There is a good arbitrary precision popcount function in the GNU Multiple Precision Arithmetic Library (GMP), which GHC uses by default, but most other serious languages offer bindings to :

Python, 16 (+12)

import gmpy;
gmpy.popcount(...);

Perl, 11 (+22)

use GMP::Mpz qw(:all);
popcount(...);

scala:

@tailrec
def bits (i: Long, sofar: Int): Int = if (i==0) sofar else bits (i >> 1, (1 & i).toInt + sofar) 

computes on a 2Ghz single core for about 1.500.000 64bit Long values the number of bits set. A straight forward recursive method, comparing the last bit, and shifting the number towards zero. The @tailrec is just a hint to the compiler to warn me, if it can't optimize the tail recursive call - it is not necessary, for the optimization to take place.

It's about 10times faster than the simplest method, using the library function:

def f(n:Long)=n.toBinaryString.count(_=='1')

Translating them to c++ might not lead to similar results.
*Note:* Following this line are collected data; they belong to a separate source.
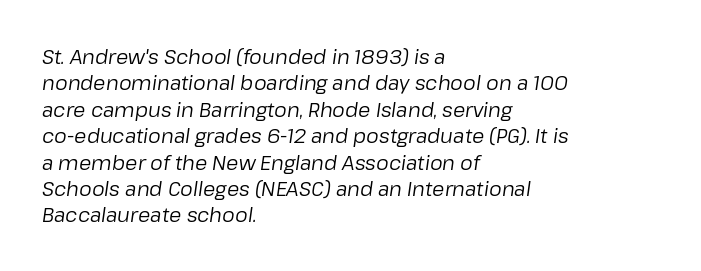
Q: Is the text bold? A: No.
Q: Is the text italic (slanted)? A: Yes, it leans right by about 8 degrees.
Q: Is the text underlined? A: No.
Q: How is the paragraph aligned? A: Left-aligned.
Q: Is the spacing between letters normal or unusually wide? A: Normal.
Q: Is the spacing between lines tight, normal or loose? A: Normal.
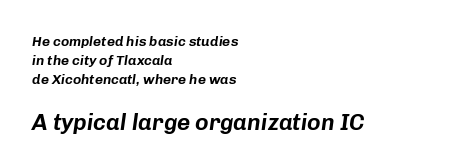
Q: Is the text italic (slanted)? A: Yes, it leans right by about 8 degrees.
Q: Is the text underlined? A: No.
Q: How is the paragraph aligned? A: Left-aligned.
Q: Is the spacing between letters normal or unusually wide? A: Normal.
Q: Is the spacing between lines tight, normal or loose? A: Normal.
Q: Which block of text is set in a larger size, the first (top) or the second (bottom)? A: The second (bottom) one.
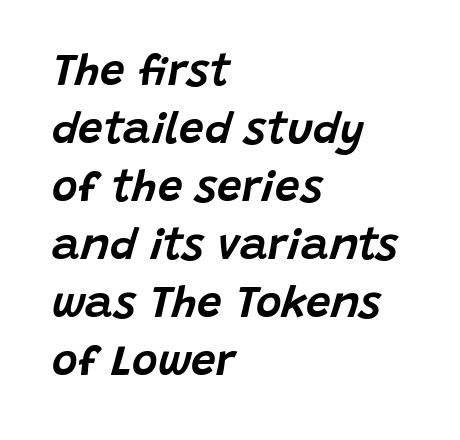
{"italic": "yes", "lean": "right", "slant_degrees": 15, "width": "normal", "stroke_contrast": "low", "x_height": "large", "monospaced": "no", "underline": "no", "align": "left", "line_spacing": "normal", "line_spacing_ratio": 1.32, "letter_spacing": "normal", "letter_spacing_em": 0.0, "glyph_px": 44}
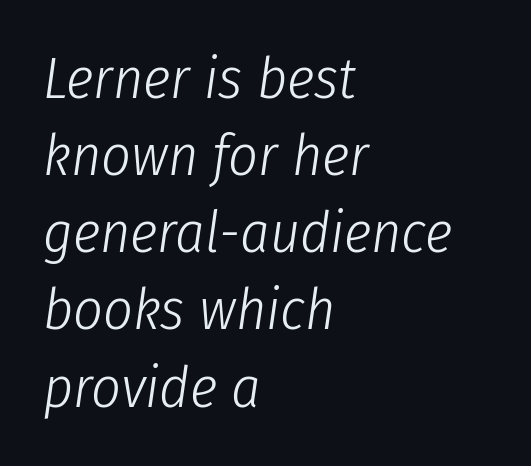
Q: Is the text bold? A: No.
Q: Is the text italic (slanted)? A: Yes, it leans right by about 8 degrees.
Q: Is the text underlined? A: No.
Q: How is the paragraph aligned? A: Left-aligned.
Q: Is the spacing between letters normal or unusually wide? A: Normal.
Q: Is the spacing between lines tight, normal or loose? A: Normal.
Q: Width (condensed, normal, or wide)? A: Condensed.
Q: Stroke contrast? A: Low.
Q: x-height? A: Medium.
Q: Monospaced? A: No.
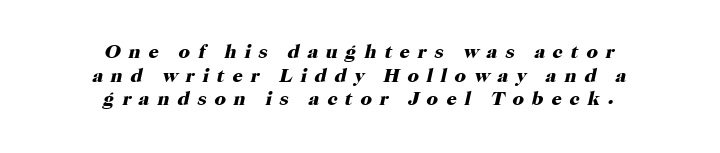
{"italic": "yes", "lean": "right", "slant_degrees": 12, "bold": "yes", "underline": "no", "align": "center", "line_spacing_ratio": 1.18, "letter_spacing": "wide", "letter_spacing_em": 0.39, "glyph_px": 20}
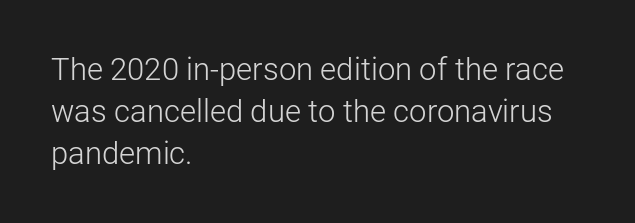
{"serif": "no", "italic": "no", "bold": "no", "weight": "light", "width": "normal", "stroke_contrast": "low", "x_height": "medium", "monospaced": "no", "underline": "no", "align": "left", "line_spacing": "normal", "line_spacing_ratio": 1.35, "letter_spacing": "normal", "letter_spacing_em": 0.0, "glyph_px": 31}

Using an 8-bit lookup table in the python shell

>>> tab=[0, 1, 1, 2, 1, 2, 2, 3, 1, 2, 2, 3, 2, 3, 3, 4, 1, 2, 2, 3, 2, 3, 3, 4, 2, 3, 3, 4, 3, 4, 4, 5, 1, 2, 2, 3, 2, 3, 3, 4, 2, 3, 3, 4, 3, 4, 4, 5, 2, 3, 3, 4, 3, 4, 4, 5, 3, 4, 4, 5, 4, 5, 5, 6, 1, 2, 2, 3, 2, 3, 3, 4, 2, 3, 3, 4, 3, 4, 4, 5, 2, 3, 3, 4, 3, 4, 4, 5, 3, 4, 4, 5, 4, 5, 5, 6, 2, 3, 3, 4, 3, 4, 4, 5, 3, 4, 4, 5, 4, 5, 5, 6, 3, 4, 4, 5, 4, 5, 5, 6, 4, 5, 5, 6, 5, 6, 6, 7, 1, 2, 2, 3, 2, 3, 3, 4, 2, 3, 3, 4, 3, 4, 4, 5, 2, 3, 3, 4, 3, 4, 4, 5, 3, 4, 4, 5, 4, 5, 5, 6, 2, 3, 3, 4, 3, 4, 4, 5, 3, 4, 4, 5, 4, 5, 5, 6, 3, 4, 4, 5, 4, 5, 5, 6, 4, 5, 5, 6, 5, 6, 6, 7, 2, 3, 3, 4, 3, 4, 4, 5, 3, 4, 4, 5, 4, 5, 5, 6, 3, 4, 4, 5, 4, 5, 5, 6, 4, 5, 5, 6, 5, 6, 6, 7, 3, 4, 4, 5, 4, 5, 5, 6, 4, 5, 5, 6, 5, 6, 6, 7, 4, 5, 5, 6, 5, 6, 6, 7, 5, 6, 6, 7, 6, 7, 7, 8]
>>> N=123456789
>>> tab[N>>24]+tab[N>>16&255]+tab[N>>8&255]+tab[N&255]
16

fastest for 32 bit numbers:

int bitcount(int i){
    i=i&0x55555555 + (i>>1)&0x55555555;
    i=i&0x33333333 + (i>>2)&0x33333333;
    i=i&0x0f0f0f0f + (i>>4)&0x0f0f0f0f;
    i=i&0x00ff00ff + (i>>8)&0x00ff00ff;
    return i&0x0000ffff + (i>>16)&0x0000ffff;
}

for 64 bits:

int bitcount(long i){
    i=i&0x5555555555555555 + (i>>1)&0x5555555555555555;
    i=i&0x3333333333333333 + (i>>2)&0x3333333333333333;
    i=i&0x0f0f0f0f0f0f0f0f + (i>>4)&0x0f0f0f0f0f0f0f0f;
    i=i&0x00ff00ff00ff00ff + (i>>8)&0x00ff00ff00ff00ff;
    i=i&0x0000ffff0000ffff + (i>>16)&0x0000ffff0000ffff;
    return i&0x00000000ffffffff + (i>>32)&0x00000000ffffffff;
}

these are all for C-based languages that define the binary operators (C, C++, C#, D, java, ...) (barring the int long type, translate as needed)

for arbitrary bit sizes:

int bitcount(BigInt i){
    int c=0;
    BigInt _2_pow_64 = BigInt(2).pow(64);
    while(i>0){
       long rem = i.mod(_2_pow_64);//or AND with 0xffffffffffffffff
       c+=bitcount(rem);//as defined above
       i=i.div(_2_pow_64);//or rshift with 64
    }
    return c;
}

BigInt being the class for integers of arbitrary size, and the .div, .pow, .mod being the 'divide by', 'to the power of' and 'remainder of' functions reps.